Late last week, I was traveling from Mumbai to Ahmedabad, expecting a routine landing around 8:30 pm. Instead, nature had other plans. Severe lightning, heavy thunderstorms, and unsafe landing conditions meant our aircraft attempted to land three times and then made the only responsible decision left: divert to one of the nearest viable airport, Surat. This was not a hypothetical risk. This was risk materializing in real time.
To add to the emotional backdrop, Ahmedabad had recently witnessed a tragic Air India crash that killed almost everyone on board except one survivor. That reality was not lost on many of us sitting in that aircraft. As the pilot announced this diversion, I was talking with people near my seat where some were calm but afraid what would happen to the flight!
This is a textbook example of risk response planning. As the primary risk of not landing in the destination city became an issue, the secondary risks were identified and analyzed working within the constraints of safety for all. And yet—this is where things started to unravel when risk management meets human behavior.
As announcements continued, emotions in the cabin escalated.
- People began raising their voices (raising is put mildly here).
- Many formed informal lines in the aisle inside the aircraft inconveniencing others.
- Others demanded to deplane because they “had friends in Surat.”
- A few insisted this was the airline’s “fault” and demanded vouchers.
- One passenger demanded that their checked-in luggage be retrieved immediately—on the tarmac because their Uber would be coming soon (what, to the tarmac?)
The emotional intelligence of this pilot operating under this pressure was commendable! He was patiently addressing that he was still working with the air traffic control (ATC) authorities as the opportunity to take off to Ahmedabad was very likely as the weather storm will clear soon. He emphasized that situation is still fluid and that the flight is officially not yet cancelled and no one can be deplaned unless there is a medical emergency or he got ATC confirmation.
As if he jinxed the situation, he got on the call and quickly announced that another diverted aircraft had a medical emergency, requiring a passenger to be deplaned for urgent treatment. He said that the refreshments are on the way but the medical emergency is being prioritized. It created another uproar between the passengers where some complained that why someone can deplane in another plane but they can't deplane from this plane! Others were answering in their own words which part of the medical emergency they didn't understand!
Amidst this chaos, the most surreal moment of all happened! I saw a few teenagers and adults pushing forward to take selfies with the pilot and airhostess. Really! It was disheartening to see safety and empathy deprioritized over social media hype! In that moment, I wasn’t just witnessing travel frustration. I was witnessing a complete breakdown in understanding how people break the systems under stress.

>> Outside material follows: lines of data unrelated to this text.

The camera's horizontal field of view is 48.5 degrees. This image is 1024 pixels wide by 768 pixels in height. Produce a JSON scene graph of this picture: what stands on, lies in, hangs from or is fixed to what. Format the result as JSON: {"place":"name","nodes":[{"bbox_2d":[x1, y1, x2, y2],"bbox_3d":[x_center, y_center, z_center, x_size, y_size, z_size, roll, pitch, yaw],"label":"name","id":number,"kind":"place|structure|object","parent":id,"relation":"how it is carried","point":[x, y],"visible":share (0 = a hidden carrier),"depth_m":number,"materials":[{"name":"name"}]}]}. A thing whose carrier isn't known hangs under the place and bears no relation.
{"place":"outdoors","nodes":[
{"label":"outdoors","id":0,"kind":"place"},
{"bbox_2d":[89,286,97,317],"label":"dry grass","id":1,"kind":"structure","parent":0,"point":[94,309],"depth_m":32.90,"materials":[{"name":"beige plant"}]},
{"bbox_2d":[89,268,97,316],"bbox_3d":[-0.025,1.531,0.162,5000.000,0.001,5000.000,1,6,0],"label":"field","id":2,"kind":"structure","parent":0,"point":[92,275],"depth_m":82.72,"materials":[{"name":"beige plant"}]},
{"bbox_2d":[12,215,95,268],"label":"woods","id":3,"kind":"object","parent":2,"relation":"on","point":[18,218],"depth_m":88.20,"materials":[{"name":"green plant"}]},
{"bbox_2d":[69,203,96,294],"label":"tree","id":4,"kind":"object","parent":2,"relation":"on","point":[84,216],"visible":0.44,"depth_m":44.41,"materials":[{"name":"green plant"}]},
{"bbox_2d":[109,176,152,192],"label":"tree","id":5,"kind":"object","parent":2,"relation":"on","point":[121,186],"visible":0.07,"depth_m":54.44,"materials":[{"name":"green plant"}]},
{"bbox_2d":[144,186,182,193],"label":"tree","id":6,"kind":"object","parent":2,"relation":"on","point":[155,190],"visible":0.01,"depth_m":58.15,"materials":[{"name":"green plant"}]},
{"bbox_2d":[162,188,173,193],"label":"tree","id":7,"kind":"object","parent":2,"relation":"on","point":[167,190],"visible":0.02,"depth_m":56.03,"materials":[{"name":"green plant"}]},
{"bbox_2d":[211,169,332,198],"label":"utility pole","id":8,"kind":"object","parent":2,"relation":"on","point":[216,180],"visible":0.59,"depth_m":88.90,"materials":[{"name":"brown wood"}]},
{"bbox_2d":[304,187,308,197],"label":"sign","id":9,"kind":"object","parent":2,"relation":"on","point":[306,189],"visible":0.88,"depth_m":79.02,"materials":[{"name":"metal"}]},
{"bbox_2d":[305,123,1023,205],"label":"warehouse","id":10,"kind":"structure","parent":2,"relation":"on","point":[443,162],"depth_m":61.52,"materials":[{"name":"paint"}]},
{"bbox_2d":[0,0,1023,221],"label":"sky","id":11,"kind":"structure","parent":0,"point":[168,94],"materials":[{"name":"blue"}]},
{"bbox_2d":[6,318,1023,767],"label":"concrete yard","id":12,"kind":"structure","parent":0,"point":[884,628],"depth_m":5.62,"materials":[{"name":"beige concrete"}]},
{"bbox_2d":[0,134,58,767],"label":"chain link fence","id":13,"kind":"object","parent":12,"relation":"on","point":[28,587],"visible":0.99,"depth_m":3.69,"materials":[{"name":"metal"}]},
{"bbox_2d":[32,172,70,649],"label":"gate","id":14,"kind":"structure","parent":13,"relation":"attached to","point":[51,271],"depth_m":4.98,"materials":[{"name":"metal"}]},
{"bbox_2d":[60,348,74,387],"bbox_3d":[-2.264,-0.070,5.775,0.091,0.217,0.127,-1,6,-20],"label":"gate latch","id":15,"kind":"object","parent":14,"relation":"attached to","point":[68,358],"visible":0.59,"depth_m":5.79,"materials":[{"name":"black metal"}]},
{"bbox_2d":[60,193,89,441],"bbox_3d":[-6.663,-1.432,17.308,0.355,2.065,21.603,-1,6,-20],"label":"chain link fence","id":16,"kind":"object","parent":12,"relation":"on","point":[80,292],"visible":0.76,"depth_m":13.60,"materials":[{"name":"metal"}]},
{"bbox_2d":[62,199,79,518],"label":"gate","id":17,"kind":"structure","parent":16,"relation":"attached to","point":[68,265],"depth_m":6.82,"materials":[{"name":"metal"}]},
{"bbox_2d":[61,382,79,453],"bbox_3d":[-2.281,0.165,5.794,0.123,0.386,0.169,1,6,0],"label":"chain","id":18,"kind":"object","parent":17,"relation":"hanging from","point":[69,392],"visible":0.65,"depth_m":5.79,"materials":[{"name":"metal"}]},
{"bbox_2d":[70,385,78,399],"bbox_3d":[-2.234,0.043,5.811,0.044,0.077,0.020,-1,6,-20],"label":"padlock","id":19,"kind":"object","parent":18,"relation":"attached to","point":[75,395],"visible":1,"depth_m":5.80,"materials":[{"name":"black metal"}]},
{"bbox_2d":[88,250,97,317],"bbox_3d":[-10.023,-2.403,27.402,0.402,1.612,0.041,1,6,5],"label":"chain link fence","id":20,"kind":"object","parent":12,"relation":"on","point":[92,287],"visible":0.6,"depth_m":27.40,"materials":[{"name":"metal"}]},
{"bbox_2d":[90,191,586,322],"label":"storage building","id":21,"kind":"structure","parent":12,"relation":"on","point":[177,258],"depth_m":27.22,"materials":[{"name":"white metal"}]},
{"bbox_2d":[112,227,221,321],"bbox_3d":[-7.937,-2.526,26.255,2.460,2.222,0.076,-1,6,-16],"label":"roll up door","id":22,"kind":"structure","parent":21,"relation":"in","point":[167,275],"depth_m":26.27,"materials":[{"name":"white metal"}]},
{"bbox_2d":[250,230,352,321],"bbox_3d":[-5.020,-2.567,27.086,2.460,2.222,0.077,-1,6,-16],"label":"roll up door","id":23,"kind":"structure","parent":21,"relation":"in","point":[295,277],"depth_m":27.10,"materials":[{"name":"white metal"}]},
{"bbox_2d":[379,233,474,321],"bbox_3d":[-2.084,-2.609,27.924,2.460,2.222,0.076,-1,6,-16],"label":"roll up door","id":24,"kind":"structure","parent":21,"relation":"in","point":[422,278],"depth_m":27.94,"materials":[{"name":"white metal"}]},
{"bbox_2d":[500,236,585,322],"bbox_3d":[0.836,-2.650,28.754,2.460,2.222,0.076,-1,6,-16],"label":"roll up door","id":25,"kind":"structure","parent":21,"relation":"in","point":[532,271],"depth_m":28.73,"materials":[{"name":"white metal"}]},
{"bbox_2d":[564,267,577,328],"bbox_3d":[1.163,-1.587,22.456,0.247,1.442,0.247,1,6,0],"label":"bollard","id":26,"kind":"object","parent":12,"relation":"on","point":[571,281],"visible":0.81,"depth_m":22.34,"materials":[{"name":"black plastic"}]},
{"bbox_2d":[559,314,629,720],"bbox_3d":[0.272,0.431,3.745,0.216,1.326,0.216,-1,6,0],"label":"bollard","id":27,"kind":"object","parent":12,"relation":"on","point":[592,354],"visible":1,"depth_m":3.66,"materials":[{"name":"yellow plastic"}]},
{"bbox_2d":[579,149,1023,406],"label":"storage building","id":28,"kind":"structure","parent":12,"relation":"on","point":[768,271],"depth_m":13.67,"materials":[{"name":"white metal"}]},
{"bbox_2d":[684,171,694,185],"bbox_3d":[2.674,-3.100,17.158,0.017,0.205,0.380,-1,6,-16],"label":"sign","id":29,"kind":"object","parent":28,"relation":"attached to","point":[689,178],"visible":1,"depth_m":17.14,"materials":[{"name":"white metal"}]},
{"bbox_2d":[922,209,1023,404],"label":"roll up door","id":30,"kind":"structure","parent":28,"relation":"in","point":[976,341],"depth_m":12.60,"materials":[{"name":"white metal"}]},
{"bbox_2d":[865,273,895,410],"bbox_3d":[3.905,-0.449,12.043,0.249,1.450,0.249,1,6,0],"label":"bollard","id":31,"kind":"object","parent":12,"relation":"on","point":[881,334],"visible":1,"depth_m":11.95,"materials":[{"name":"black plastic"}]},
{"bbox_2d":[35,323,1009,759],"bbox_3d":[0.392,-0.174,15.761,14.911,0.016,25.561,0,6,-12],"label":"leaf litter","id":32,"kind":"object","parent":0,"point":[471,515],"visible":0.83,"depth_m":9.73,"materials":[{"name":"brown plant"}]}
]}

What many failed to understand:
- Contingency plans are not personalized
- Exceptions are not scalable
- Safety decisions cannot be crowd-sourced mid-crisis
- Regulatory constraints are not negotiable based on emotion
In project management, product delivery, aviation, healthcare, crisis response or virtually any discipline or industry, the rule is the same:
"Once risk materializes, options narrow. Discipline increases. Flexibility decreases."
Everyone of us is also a leader! So, we need to practice leadership when adversity strikes us. Don't ever waste a risk! When an issue presents, practice the leadership hygiene on how to accommodate these contingencies that arise. Having only plan A is an unrealistic optimism. Having a plan B is a realistic professionalism. Knowing when to activate and respond to the issues that presents before us is leadership. Contingency and fallback plans exist precisely for moments when conditions change rapidly, emotions escalates, conflicts arise over individual preferences over group safety, and decisions are made with just-enough incomplete information!

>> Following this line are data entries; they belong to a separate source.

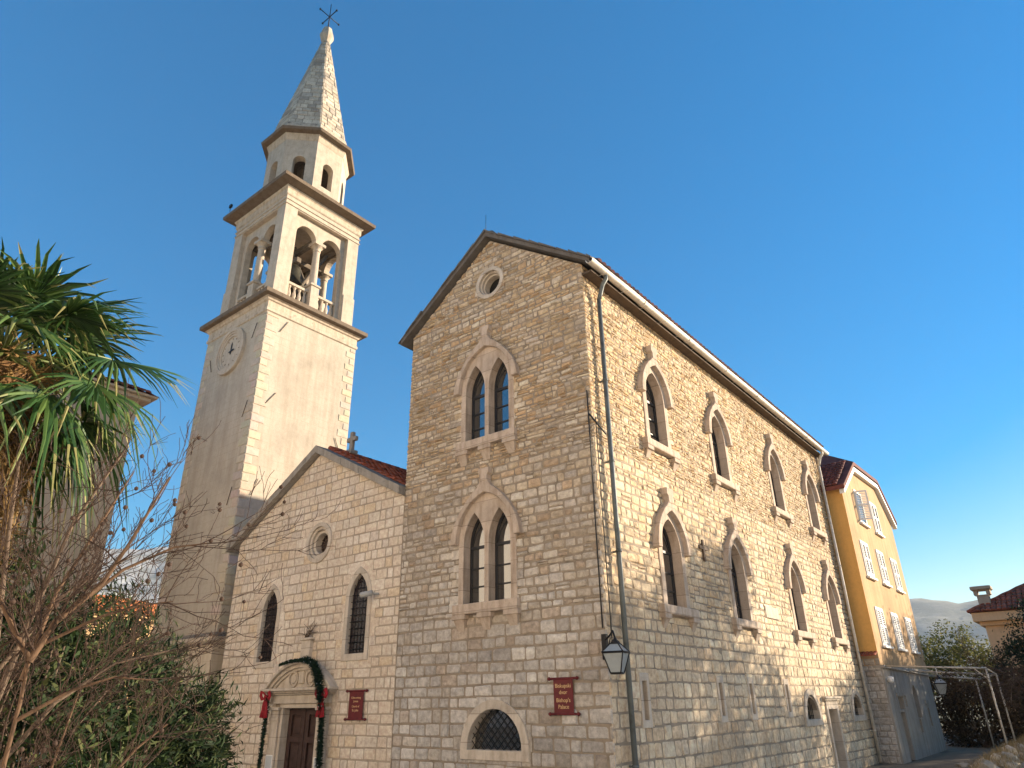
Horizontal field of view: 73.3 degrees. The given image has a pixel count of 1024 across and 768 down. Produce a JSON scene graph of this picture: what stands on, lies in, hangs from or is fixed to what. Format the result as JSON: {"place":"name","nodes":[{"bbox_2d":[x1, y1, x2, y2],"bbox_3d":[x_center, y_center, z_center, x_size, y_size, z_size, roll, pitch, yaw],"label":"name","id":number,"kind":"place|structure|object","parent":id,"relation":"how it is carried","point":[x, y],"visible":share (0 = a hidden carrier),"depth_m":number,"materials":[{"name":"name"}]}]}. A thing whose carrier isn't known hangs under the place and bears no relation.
{"place":"outdoors","nodes":[
{"label":"outdoors","id":0,"kind":"place"},
{"bbox_2d":[84,594,156,701],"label":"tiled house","id":1,"kind":"structure","parent":0,"point":[153,610],"depth_m":39.48,"materials":[{"name":"orange paint"}]},
{"bbox_2d":[97,547,167,602],"bbox_3d":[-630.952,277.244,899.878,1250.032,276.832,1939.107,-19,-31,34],"label":"mountain","id":2,"kind":"structure","parent":0,"point":[152,577],"depth_m":1113.81,"materials":[{"name":"stone"}]},
{"bbox_2d":[0,0,1023,602],"label":"sky","id":3,"kind":"structure","parent":0,"point":[827,196],"materials":[{"name":"blue"}]},
{"bbox_2d":[815,453,946,763],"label":"yellow house","id":4,"kind":"structure","parent":0,"point":[905,714],"depth_m":32.11,"materials":[{"name":"paint"}]},
{"bbox_2d":[853,489,872,528],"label":"window","id":5,"kind":"structure","parent":4,"relation":"in","point":[860,506],"depth_m":33.83,"materials":[{"name":"white paint"}]},
{"bbox_2d":[859,540,877,580],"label":"window","id":6,"kind":"structure","parent":4,"relation":"in","point":[864,547],"depth_m":32.24,"materials":[{"name":"white paint"}]},
{"bbox_2d":[869,501,884,538],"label":"window","id":7,"kind":"structure","parent":4,"relation":"in","point":[878,531],"depth_m":36.31,"materials":[{"name":"white paint"}]},
{"bbox_2d":[874,606,893,648],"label":"window","id":8,"kind":"structure","parent":4,"relation":"in","point":[881,622],"depth_m":30.99,"materials":[{"name":"white paint"}]},
{"bbox_2d":[875,549,892,587],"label":"window","id":9,"kind":"structure","parent":4,"relation":"in","point":[884,575],"depth_m":34.37,"materials":[{"name":"white paint"}]},
{"bbox_2d":[886,676,893,682],"bbox_3d":[15.948,12.472,29.030,0.294,0.260,0.228,-19,-31,34],"label":"wall lamp","id":10,"kind":"object","parent":4,"relation":"attached to","point":[890,679],"visible":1,"depth_m":28.94,"materials":[{"name":"white glass"}]},
{"bbox_2d":[889,558,905,593],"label":"window","id":11,"kind":"structure","parent":4,"relation":"in","point":[893,563],"depth_m":36.49,"materials":[{"name":"white paint"}]},
{"bbox_2d":[890,612,907,651],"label":"window","id":12,"kind":"structure","parent":4,"relation":"in","point":[895,622],"depth_m":33.10,"materials":[{"name":"white paint"}]},
{"bbox_2d":[904,617,920,654],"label":"window","id":13,"kind":"structure","parent":4,"relation":"in","point":[914,649],"depth_m":35.24,"materials":[{"name":"white paint"}]},
{"bbox_2d":[867,729,1013,767],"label":"earth yard","id":14,"kind":"structure","parent":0,"point":[950,757],"depth_m":29.69,"materials":[{"name":"soil"}]},
{"bbox_2d":[0,352,158,709],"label":"beige house","id":15,"kind":"structure","parent":14,"relation":"on","point":[147,397],"depth_m":27.84,"materials":[{"name":"paint"}]},
{"bbox_2d":[0,521,229,767],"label":"oleander bush","id":16,"kind":"object","parent":14,"relation":"on","point":[130,693],"visible":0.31,"depth_m":7.05,"materials":[{"name":"green plant"}]},
{"bbox_2d":[11,565,251,767],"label":"oleander bush","id":17,"kind":"object","parent":14,"relation":"on","point":[186,760],"visible":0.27,"depth_m":8.90,"materials":[{"name":"green plant"}]},
{"bbox_2d":[885,665,1015,749],"bbox_3d":[20.117,14.583,30.673,3.726,3.674,9.479,-19,-31,34],"label":"pergola","id":18,"kind":"object","parent":14,"relation":"on","point":[938,671],"visible":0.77,"depth_m":29.97,"materials":[{"name":"metal"}]},
{"bbox_2d":[931,668,947,694],"bbox_3d":[18.687,13.024,30.094,0.543,1.086,0.543,-9,-26,17],"label":"hanging lamp","id":19,"kind":"object","parent":18,"relation":"hanging from","point":[938,685],"visible":0.94,"depth_m":29.86,"materials":[{"name":"black metal"}]},
{"bbox_2d":[920,628,1023,737],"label":"dry vine","id":20,"kind":"object","parent":14,"relation":"on","point":[1005,693],"visible":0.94,"depth_m":27.94,"materials":[{"name":"brown plant"}]},
{"bbox_2d":[929,657,1023,747],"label":"dry hedge","id":21,"kind":"object","parent":14,"relation":"on","point":[957,725],"visible":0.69,"depth_m":36.37,"materials":[{"name":"green plant"}]},
{"bbox_2d":[955,734,1023,767],"bbox_3d":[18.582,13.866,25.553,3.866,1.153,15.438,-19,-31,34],"label":"rubble bank","id":22,"kind":"structure","parent":14,"relation":"on","point":[988,764],"depth_m":21.44,"materials":[{"name":"brown plant"}]},
{"bbox_2d":[987,593,1023,700],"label":"ivy tree","id":23,"kind":"object","parent":14,"relation":"on","point":[1014,650],"visible":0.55,"depth_m":39.35,"materials":[{"name":"green plant"}]},
{"bbox_2d":[909,598,992,697],"bbox_3d":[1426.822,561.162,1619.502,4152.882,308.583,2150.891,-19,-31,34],"label":"hills","id":24,"kind":"structure","parent":0,"point":[927,613],"depth_m":1927.30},
{"bbox_2d":[935,697,997,727],"bbox_3d":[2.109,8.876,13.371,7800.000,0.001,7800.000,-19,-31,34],"label":"ground","id":25,"kind":"structure","parent":0,"point":[966,716],"depth_m":88.28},
{"bbox_2d":[917,619,995,723],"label":"olive bush","id":26,"kind":"object","parent":25,"relation":"on","point":[948,652],"visible":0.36,"depth_m":60.73,"materials":[{"name":"green plant"}]},
{"bbox_2d":[966,583,1023,735],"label":"peach house","id":27,"kind":"structure","parent":0,"point":[988,613],"depth_m":46.89,"materials":[{"name":"paint"}]},
{"label":"paving","id":28,"kind":"structure","parent":0,"visible":0},
{"bbox_2d":[0,505,164,767],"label":"leafy shrub","id":29,"kind":"object","parent":28,"relation":"on","point":[22,726],"visible":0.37,"depth_m":5.37,"materials":[{"name":"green plant"}]},
{"bbox_2d":[0,239,197,599],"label":"fan palm","id":30,"kind":"object","parent":28,"relation":"on","point":[38,304],"visible":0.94,"depth_m":5.58,"materials":[{"name":"green plant"}]},
{"bbox_2d":[0,586,214,767],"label":"bare shrub","id":31,"kind":"object","parent":28,"relation":"on","point":[91,699],"visible":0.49,"depth_m":5.17,"materials":[{"name":"brown plant"}]},
{"bbox_2d":[0,368,262,766],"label":"bare shrub","id":32,"kind":"object","parent":28,"relation":"on","point":[14,653],"visible":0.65,"depth_m":4.88,"materials":[{"name":"brown plant"}]},
{"bbox_2d":[0,603,263,767],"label":"bare shrub","id":33,"kind":"object","parent":28,"relation":"on","point":[123,762],"visible":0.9,"depth_m":4.66,"materials":[{"name":"brown plant"}]},
{"bbox_2d":[0,398,340,767],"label":"bare shrub","id":34,"kind":"object","parent":28,"relation":"on","point":[36,647],"visible":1,"depth_m":4.15,"materials":[{"name":"brown plant"}]},
{"bbox_2d":[141,4,375,766],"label":"bell tower","id":35,"kind":"structure","parent":28,"relation":"on","point":[275,392],"depth_m":32.06,"materials":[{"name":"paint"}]},
{"bbox_2d":[289,248,303,297],"bbox_3d":[-11.288,-5.889,35.276,1.735,2.620,1.735,-19,-31,34],"label":"church bell","id":36,"kind":"object","parent":35,"relation":"hanging from","point":[295,276],"visible":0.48,"depth_m":34.85,"materials":[{"name":"grey metal"}]},
{"bbox_2d":[212,432,406,767],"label":"stone church","id":37,"kind":"structure","parent":28,"relation":"on","point":[334,623],"depth_m":21.30,"materials":[{"name":"beige stone"}]},
{"bbox_2d":[259,691,270,717],"bbox_3d":[-7.548,9.784,21.008,0.565,0.774,0.127,-19,-31,34],"label":"ribbon bow","id":38,"kind":"object","parent":37,"relation":"attached to","point":[264,711],"visible":1,"depth_m":20.97,"materials":[{"name":"red fabric"}]},
{"bbox_2d":[252,584,280,668],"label":"lancet window","id":39,"kind":"structure","parent":37,"relation":"in","point":[270,618],"depth_m":22.75,"materials":[{"name":"stone"}]},
{"bbox_2d":[264,755,272,767],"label":"notice","id":40,"kind":"object","parent":37,"relation":"attached to","point":[268,761],"visible":1,"depth_m":20.38,"materials":[{"name":"white paper"}]},
{"bbox_2d":[256,655,325,767],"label":"christmas garland","id":41,"kind":"object","parent":37,"relation":"attached to","point":[316,673],"visible":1,"depth_m":19.70},
{"bbox_2d":[284,708,316,767],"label":"door","id":42,"kind":"structure","parent":37,"relation":"in","point":[302,721],"depth_m":20.30,"materials":[{"name":"brown wood"}]},
{"bbox_2d":[306,522,331,562],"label":"round window","id":43,"kind":"structure","parent":37,"relation":"in","point":[322,532],"depth_m":22.64,"materials":[{"name":"stone"}]},
{"bbox_2d":[314,687,327,717],"bbox_3d":[-5.392,8.987,19.409,0.565,0.774,0.127,-19,-31,34],"label":"ribbon bow","id":44,"kind":"object","parent":37,"relation":"attached to","point":[321,710],"visible":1,"depth_m":19.35,"materials":[{"name":"red fabric"}]},
{"bbox_2d":[343,689,367,720],"bbox_3d":[-4.297,8.844,18.952,0.917,0.790,0.098,-19,-31,34],"label":"scroll sign","id":45,"kind":"object","parent":37,"relation":"attached to","point":[355,708],"visible":1,"depth_m":18.93,"materials":[{"name":"red metal"}]},
{"bbox_2d":[340,566,371,661],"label":"lancet window","id":46,"kind":"structure","parent":37,"relation":"in","point":[356,626],"depth_m":20.20,"materials":[{"name":"stone"}]},
{"bbox_2d":[360,590,378,597],"bbox_3d":[-4.103,6.035,19.761,0.541,0.218,0.232,-1,-25,0],"label":"floodlight","id":47,"kind":"object","parent":37,"relation":"attached to","point":[366,593],"depth_m":19.70,"materials":[{"name":"white metal"}]},
{"bbox_2d":[391,229,882,767],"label":"stone palace","id":48,"kind":"structure","parent":28,"relation":"on","point":[597,449],"depth_m":18.88,"materials":[{"name":"beige stone"}]},
{"bbox_2d":[453,324,519,466],"bbox_3d":[-0.648,0.231,19.805,2.400,4.140,0.550,-19,-31,34],"label":"double lancet window","id":49,"kind":"structure","parent":48,"relation":"in","point":[485,381],"depth_m":19.83,"materials":[{"name":"stone"}]},
{"bbox_2d":[450,466,523,631],"bbox_3d":[-0.585,4.231,17.950,2.400,4.140,0.550,-19,-31,34],"label":"double lancet window","id":50,"kind":"structure","parent":48,"relation":"in","point":[488,522],"depth_m":17.93,"materials":[{"name":"stone"}]},
{"bbox_2d":[476,266,503,298],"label":"round window","id":51,"kind":"structure","parent":48,"relation":"in","point":[490,281],"depth_m":21.43,"materials":[{"name":"stone"}]},
{"bbox_2d":[460,699,529,761],"bbox_3d":[-0.300,8.076,16.088,2.060,1.270,0.450,-19,-31,34],"label":"lunette window","id":52,"kind":"structure","parent":48,"relation":"in","point":[494,730],"depth_m":16.08,"materials":[{"name":"stone"}]},
{"bbox_2d":[547,676,580,715],"bbox_3d":[1.132,6.836,15.068,0.837,0.790,0.098,-19,-31,34],"label":"scroll sign","id":53,"kind":"object","parent":48,"relation":"attached to","point":[563,696],"visible":1,"depth_m":15.05,"materials":[{"name":"red metal"}]},
{"bbox_2d":[601,630,629,674],"bbox_3d":[2.115,5.610,14.391,0.711,0.871,0.804,-13,-27,24],"label":"wall lantern","id":54,"kind":"object","parent":48,"relation":"attached to","point":[615,652],"depth_m":14.06,"materials":[{"name":"black metal"}]},
{"bbox_2d":[637,345,680,471],"bbox_3d":[4.124,0.628,20.300,0.550,3.700,1.960,-19,-31,34],"label":"lancet window","id":55,"kind":"structure","parent":48,"relation":"in","point":[653,386],"depth_m":20.50,"materials":[{"name":"stone"}]},
{"bbox_2d":[652,487,699,631],"bbox_3d":[4.187,4.647,18.437,0.550,3.700,1.960,-19,-31,34],"label":"lancet window","id":56,"kind":"structure","parent":48,"relation":"in","point":[670,536],"depth_m":18.58,"materials":[{"name":"stone"}]},
{"bbox_2d":[704,391,739,501],"bbox_3d":[6.944,2.067,23.498,0.550,3.700,1.960,-19,-31,34],"label":"lancet window","id":57,"kind":"structure","parent":48,"relation":"in","point":[716,427],"depth_m":23.69,"materials":[{"name":"stone"}]},
{"bbox_2d":[723,517,761,640],"bbox_3d":[7.007,6.085,21.635,0.550,3.700,1.960,-19,-31,34],"label":"lancet window","id":58,"kind":"structure","parent":48,"relation":"in","point":[737,563],"depth_m":21.79,"materials":[{"name":"stone"}]},
{"bbox_2d":[764,433,793,528],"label":"lancet window","id":59,"kind":"structure","parent":48,"relation":"in","point":[773,466],"depth_m":27.55,"materials":[{"name":"stone"}]},
{"bbox_2d":[784,543,816,648],"bbox_3d":[10.423,7.828,25.508,0.550,3.700,1.960,-19,-31,34],"label":"lancet window","id":60,"kind":"structure","parent":48,"relation":"in","point":[794,580],"depth_m":25.66,"materials":[{"name":"stone"}]},
{"bbox_2d":[803,688,823,726],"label":"arched window","id":61,"kind":"structure","parent":48,"relation":"in","point":[812,717],"depth_m":23.70,"materials":[{"name":"stone"}]},
{"bbox_2d":[801,460,827,546],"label":"lancet window","id":62,"kind":"structure","parent":48,"relation":"in","point":[809,489],"depth_m":30.73,"materials":[{"name":"stone"}]},
{"bbox_2d":[821,560,849,653],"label":"lancet window","id":63,"kind":"structure","parent":48,"relation":"in","point":[831,595],"depth_m":28.82,"materials":[{"name":"stone"}]},
{"bbox_2d":[821,696,849,767],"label":"door","id":64,"kind":"structure","parent":48,"relation":"in","point":[831,705],"depth_m":24.97,"materials":[{"name":"stone"}]},
{"bbox_2d":[851,689,866,721],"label":"arched window","id":65,"kind":"structure","parent":48,"relation":"in","point":[859,714],"depth_m":27.79,"materials":[{"name":"stone"}]}
]}

And yet, in corporate settings, I often hear:
- “Let’s cross that bridge when we come to it”
- “We’ll figure it out if it happens”
- “That’s an edge case”
Until it isn’t. This practice makes us complacent leaving us to react unempathetically!
The real lesson from that flight wasn’t about aviation but leadership. It is about how humans process and respond when the control is taken away! If you respond with entitlement, blame, or opportunism, then, there is a continuous improvement opportunity. Learn to respond with patience, practice situational awareness, trust/appreciate/respect other's people expertise, process guidelines, and systems in place for larger society.
Leadership—true leadership—shows up not when things go as planned, but when they don’t.
That night, safety won. Process won. Calm leadership won. And while not everyone appreciated it in the moment, everyone benefited from it.
How do you relate to my interpretation of this experience? What other experience, similar to or different from mine, have you experienced? I am looking forward to hearing from you!